:: EXCERPTED DATA

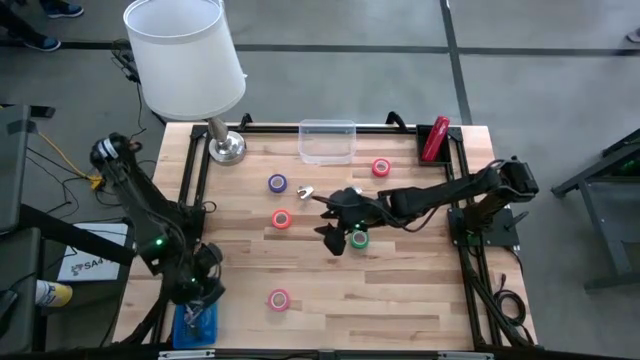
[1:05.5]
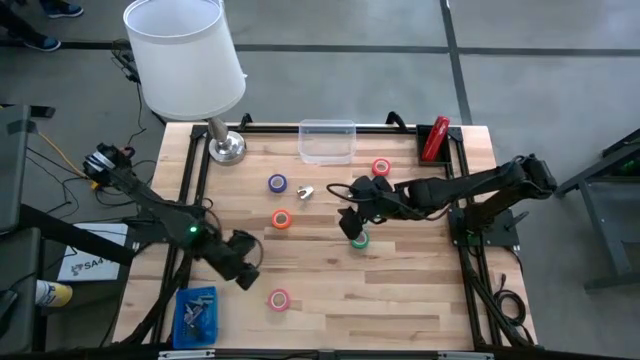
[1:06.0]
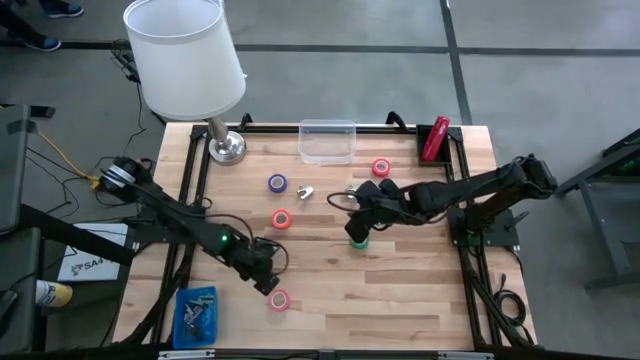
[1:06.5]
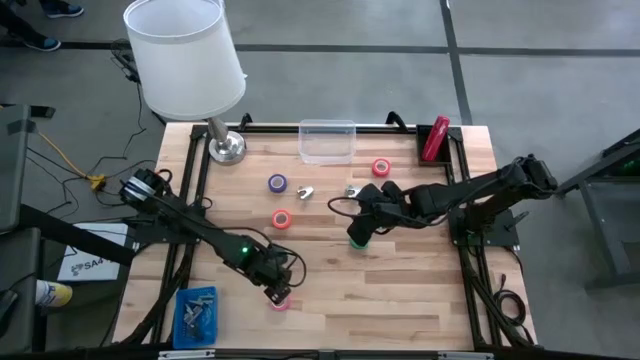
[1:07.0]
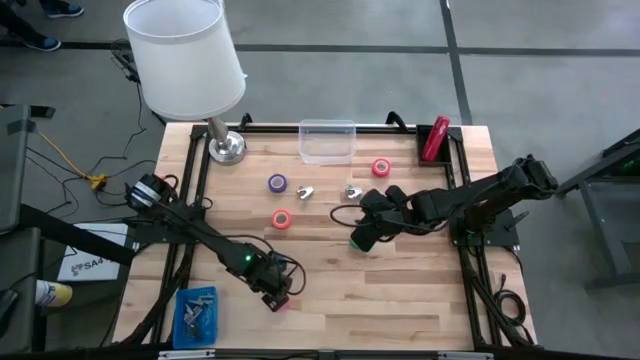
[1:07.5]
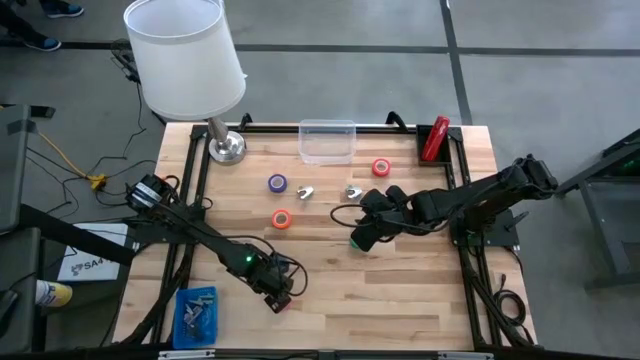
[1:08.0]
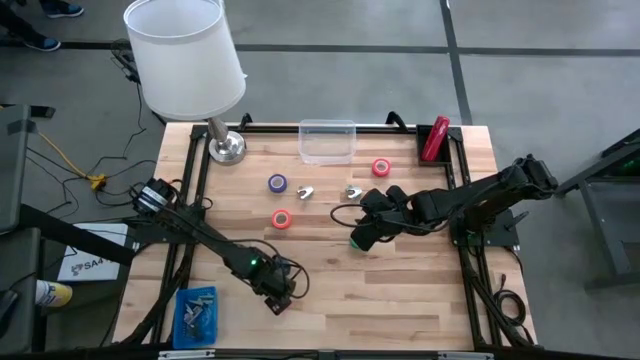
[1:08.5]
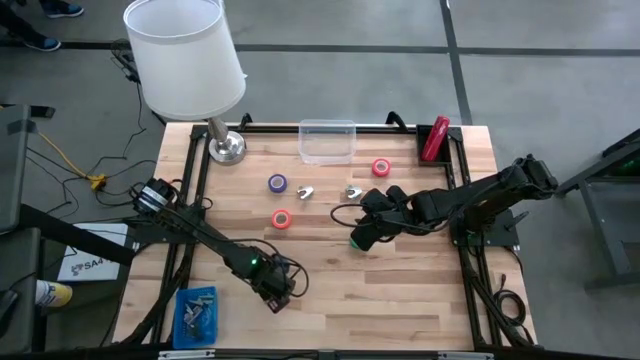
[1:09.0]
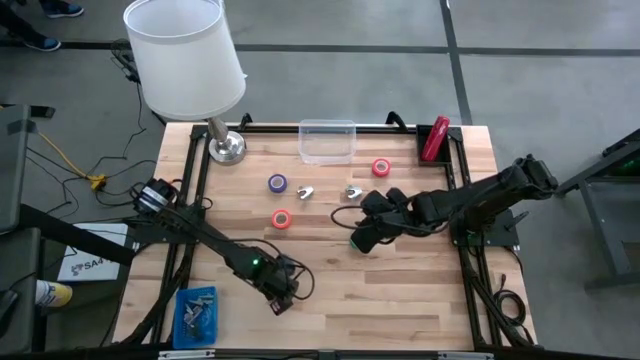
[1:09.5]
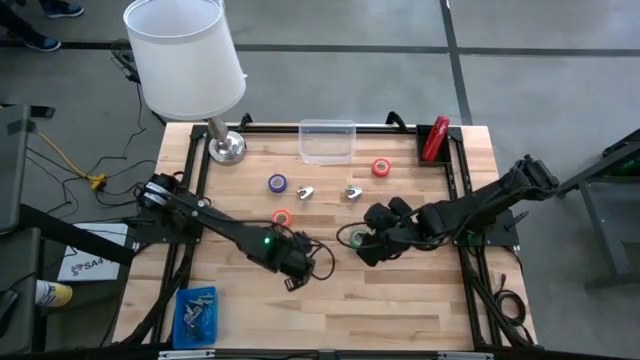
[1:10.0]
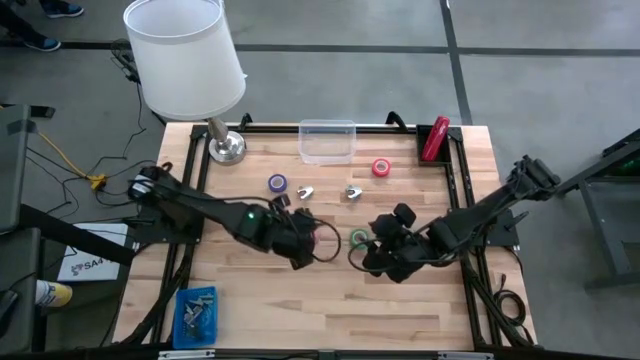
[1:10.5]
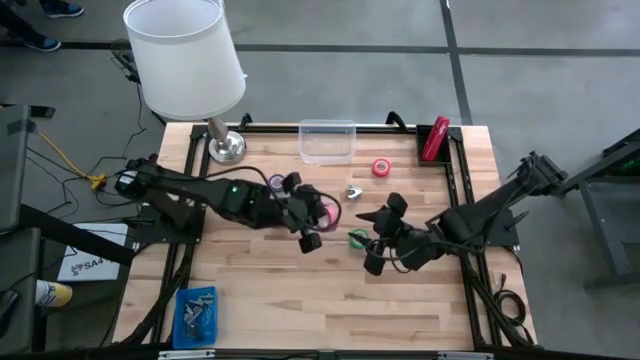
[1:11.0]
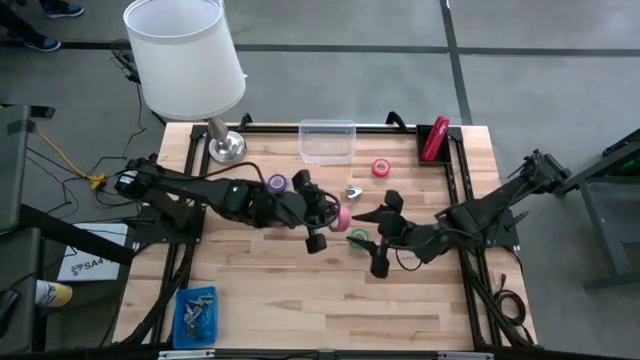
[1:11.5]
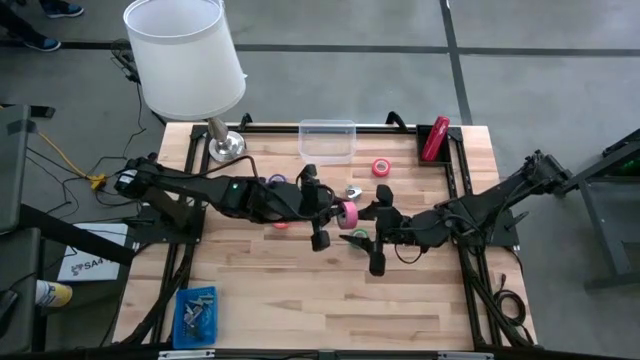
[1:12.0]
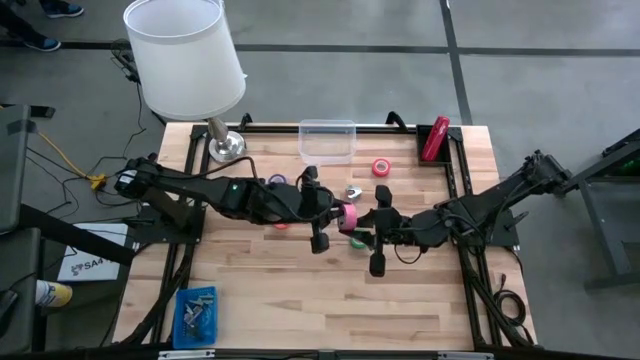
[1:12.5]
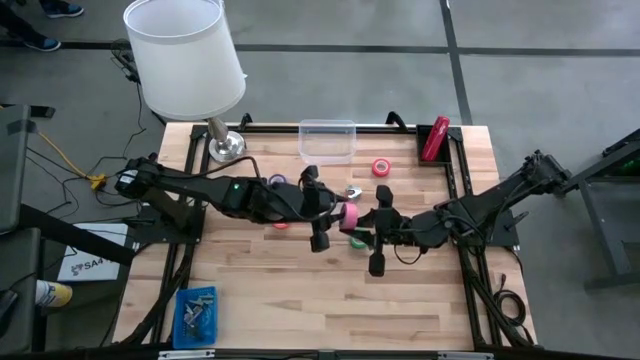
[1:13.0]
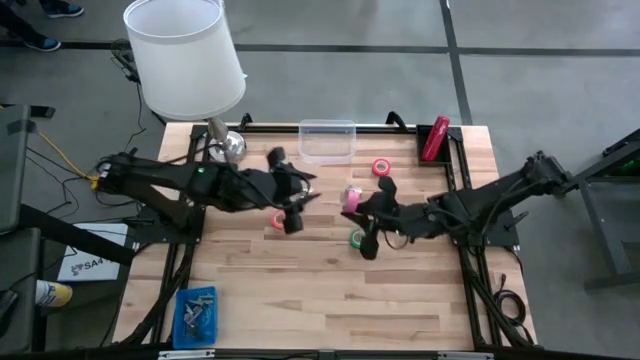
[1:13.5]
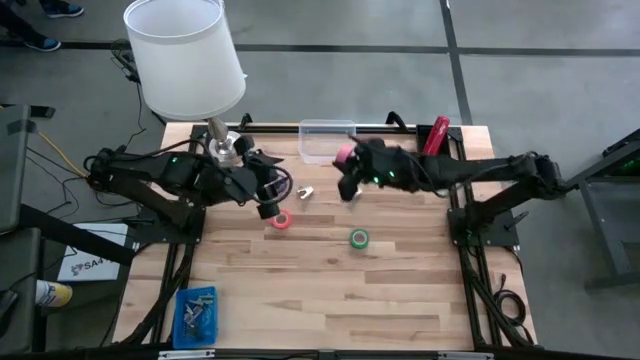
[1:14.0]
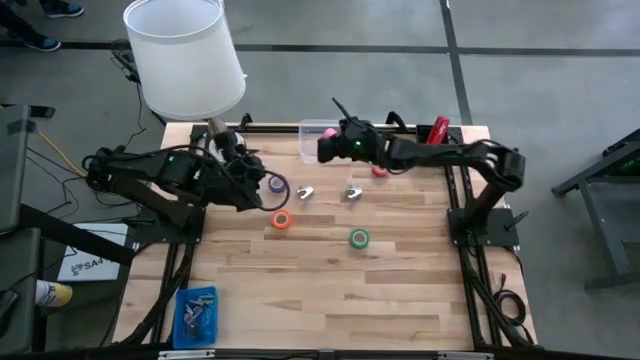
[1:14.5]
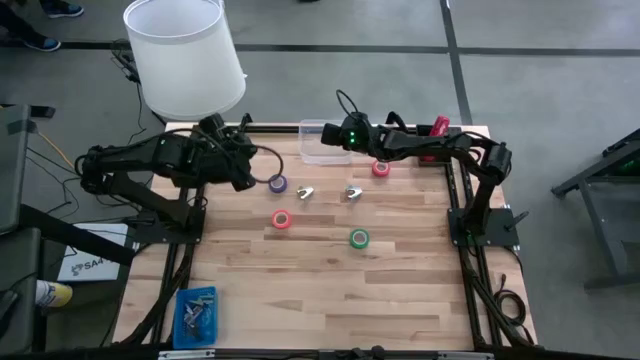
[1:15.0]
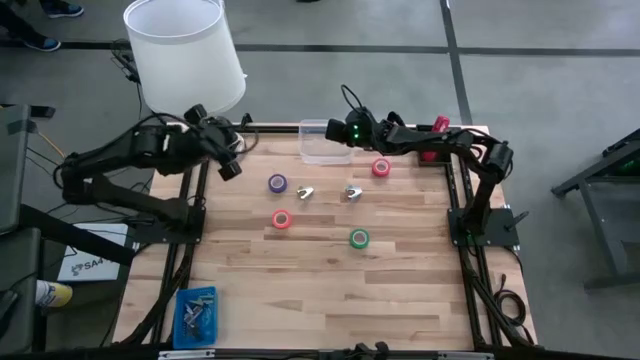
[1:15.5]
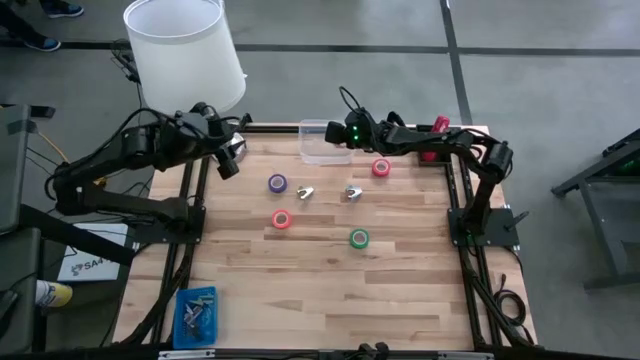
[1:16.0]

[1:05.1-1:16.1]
Task: Pick and place Stapler, Stapler remover, tape
Put the pink tape into the transparent bin

::::

*BRIEF*: For each entry, copy the text exactly and leave out any image it carries.

*RESULT FOR THIS TASK*:
[1:05.5]
[1:06.0]
[1:06.5]
[1:07.0]
[1:07.5]
[1:08.0]
[1:08.5]
[1:09.0]
[1:09.5]
[1:10.0]
[1:10.5]
[1:11.0]
[1:11.5]
[1:12.0]
[1:12.5]
[1:13.0]
[1:13.5]
[1:14.0]
[1:14.5]
[1:15.0]
[1:15.5]
[1:16.0]

[1:05.1-1:16.1]
Task: Pick and place Stapler, Stapler remover, tape
Put the pink tape into the transparent bin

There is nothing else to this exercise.